(Data for this task begins)

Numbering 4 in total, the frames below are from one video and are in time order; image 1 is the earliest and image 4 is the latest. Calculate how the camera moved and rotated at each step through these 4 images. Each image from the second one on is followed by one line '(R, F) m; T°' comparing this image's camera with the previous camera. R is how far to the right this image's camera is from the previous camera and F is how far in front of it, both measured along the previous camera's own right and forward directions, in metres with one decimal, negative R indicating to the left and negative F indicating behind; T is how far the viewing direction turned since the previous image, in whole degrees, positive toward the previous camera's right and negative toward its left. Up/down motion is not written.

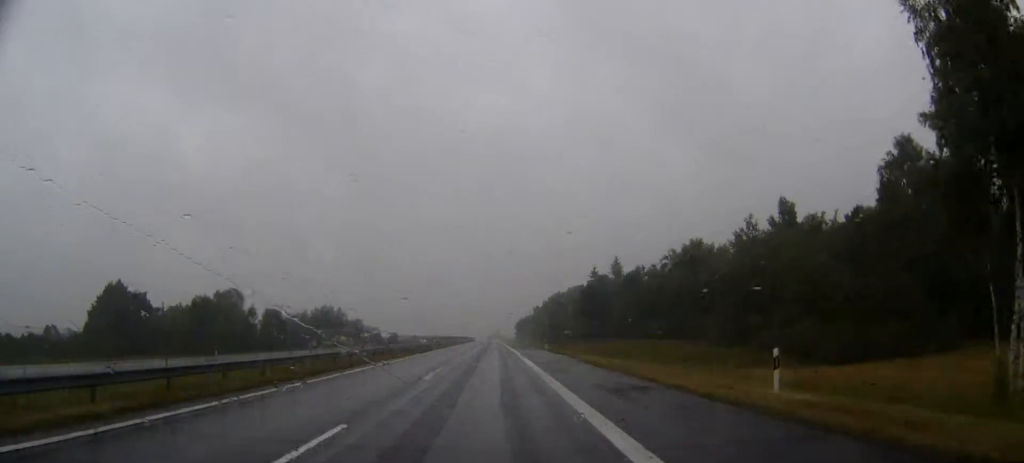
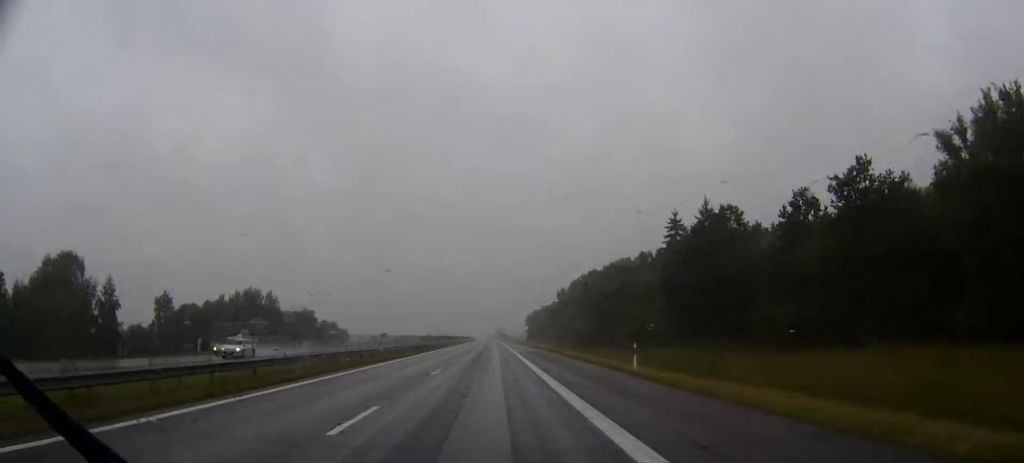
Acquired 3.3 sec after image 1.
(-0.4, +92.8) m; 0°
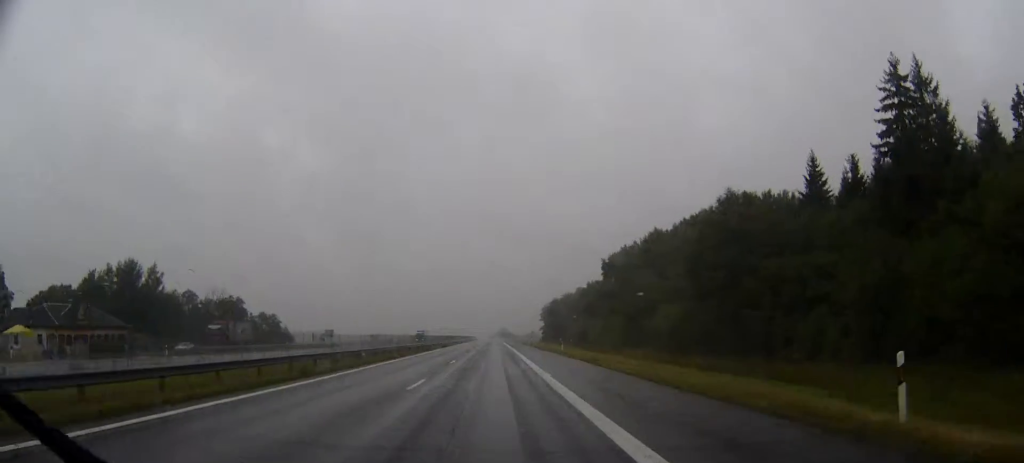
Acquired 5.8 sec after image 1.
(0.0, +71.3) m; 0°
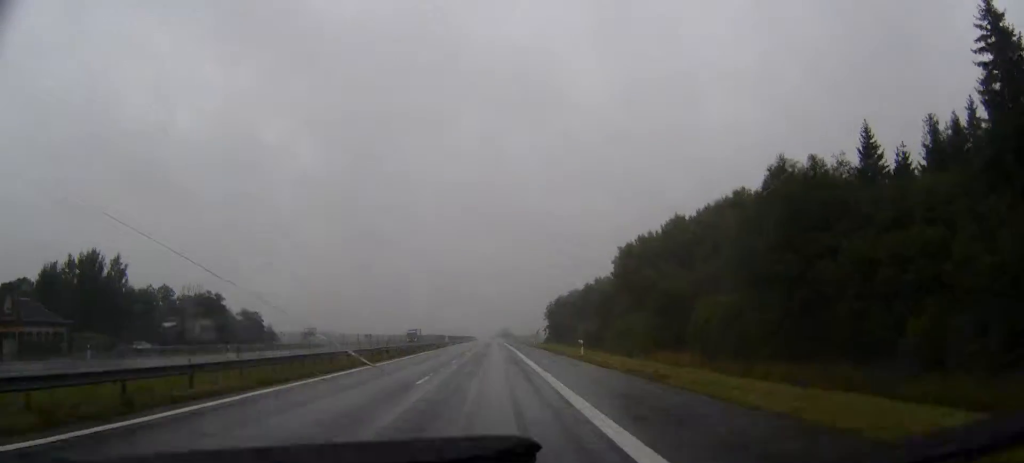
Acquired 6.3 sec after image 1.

(Data for this task ends)

◆ **Exercise description**:
Would you write out all of the records exactly, omitting the pictures?

◆ **Written solution**:
Numbering 4 in total, the frames below are from one video and are in time order; image 1 is the earliest and image 4 is the latest. Calculate how the camera moved and rotated at each step through these 4 images. Each image from the second one on is followed by one line '(R, F) m; T°' comparing this image's camera with the previous camera. R is how far to the right this image's camera is from the previous camera and F is how far in front of it, both measured along the previous camera's own right and forward directions, in metres with one decimal, negative R indicating to the left and negative F indicating behind; T is how far the viewing direction turned since the previous image, in whole degrees, positive toward the previous camera's right and negative toward its left. Up/down motion is not written.

Acquired 3.3 sec after image 1.
(-0.4, +92.8) m; 0°
Acquired 5.8 sec after image 1.
(0.0, +71.3) m; 0°
Acquired 6.3 sec after image 1.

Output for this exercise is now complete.